Le procès en appel de l'écrasement du Concorde d'Air France, qui va opposer durant deux mois la compagnie française à sa concurrente américaine Continental Airlines, s'est ouvert jeudi à Versailles.  

Le supersonique, longtemps symbole de luxe, d'avancée technologique et de fiabilité, s'était écrasé le 25 juillet 2000 quelques minutes après son décollage de l'aéroport parisien Roissy-Charles de Gaulle.

Les 109 passagers et membres d'équipage avaient été tués, ainsi que quatre personnes au sol.

À l'issue du premier procès, en 2010, Continental Airlines avait été désignée comme seule responsable.

Le tribunal correctionnel de Pontoise (nord de Paris) avait jugé qu'un DC10 de la compagnie américaine avait déclenché l'accident, en perdant une lamelle d'une quarantaine de centimètres sur la piste de décollage du Concorde, en partance pour New York.

Comme l'enquête technique quelques années plus tôt, la justice avait conclu que le Concorde avait roulé sur cette pièce et qu'un pneu avait éclaté, perforant le réservoir et provoquant l'inflammation du kérosène.

«Le dossier est vicié depuis l'origine», a affirmé devant la presse Me Olivier Metzner, avocat de Continental, à son arrivée au Palais de Justice.

«Air France, partie civile, aurait pu se retrouver sur le banc des prévenus si (certains) experts n'avaient pas été des anciens salariés» de la compagnie, a-t-il ajouté.

«Continental essaie de rejeter la responsabilité sur Air France», a riposté Me Fernand Garnault, avocat de la compagnie française. «Nous sommes ici pour résister aux prétentions de Continental de voir Air France condamnée, médiatiquement du moins, à sa place».

Pour lui, «il y a bien un lien de cause à effet entre cette fameuse lamelle et l'accident».

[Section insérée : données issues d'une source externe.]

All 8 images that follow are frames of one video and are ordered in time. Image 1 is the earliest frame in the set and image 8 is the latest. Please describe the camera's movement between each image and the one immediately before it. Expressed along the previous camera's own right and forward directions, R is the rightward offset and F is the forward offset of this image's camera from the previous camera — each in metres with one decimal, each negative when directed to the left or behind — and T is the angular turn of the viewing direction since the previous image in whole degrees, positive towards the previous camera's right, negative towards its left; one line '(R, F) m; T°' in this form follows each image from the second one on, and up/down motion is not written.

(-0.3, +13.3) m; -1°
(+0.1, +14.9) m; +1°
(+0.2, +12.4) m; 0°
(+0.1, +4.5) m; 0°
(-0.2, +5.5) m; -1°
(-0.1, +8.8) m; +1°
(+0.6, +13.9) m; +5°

En 201O, Continental Airlines avait été condamnée à une amende de 200 000 euros (263 000 $) et à verser un million d'euros (1,3 million de dollars) de dommages et intérêts à Air France. Un de ses employés avait écopé de 15 mois de prison avec sursis pour avoir mal fixé la pièce incriminée, son chef d'équipe étant relaxé.

Le tribunal avait écarté la thèse défendue par Continental Airlines, selon laquelle l'avion aurait pris feu avant même d'avoir roulé sur la pièce incriminée.

Le premier procès avait fait «de nombreuses impasses», a affirmé Me Metzner, espérant que celui-ci se déroulerait «sur des bases plus saines».

Il va notamment faire citer 18 témoins ayant «vu le Concorde en feu avant la lamelle», a-t-il dit.

Trois anciens cadres français de l'aéronautique avaient été relaxés en première instance, le tribunal ayant jugé qu'ils n'avaient pas commis de «faute caractérisée» dans le suivi du supersonique, affecté par des incidents de pneus à répétition durant sa carrière.

Tous doivent être rejugés jusqu'au 9 mai, le parquet ayant fait appel de l'ensemble du jugement.

Les avocats d'Henri Perrier, ex-directeur du programme Concorde chez Aérospatiale (aujourd'hui fondu dans EADS), devaient demander un renvoi du procès, leur client ne pouvant y assister pour raisons de santé.

Un procès sans lui est «inconcevable», a déclaré devant la presse l'un de ses avocats, Me Christian Buffat.

Enfin, les avocats de deux prévenus français, Jacques Herubel, ancien ingénieur chez Aérospatiale, et Claude Frantzen, ex-cadre de la Direction générale de l'aviation civile (DGAC), contestent le fait que le parquet de Pontoise ait fait appel de la relaxe de leurs clients, alors que celle-ci était conforme aux réquisitions de ce même parquet.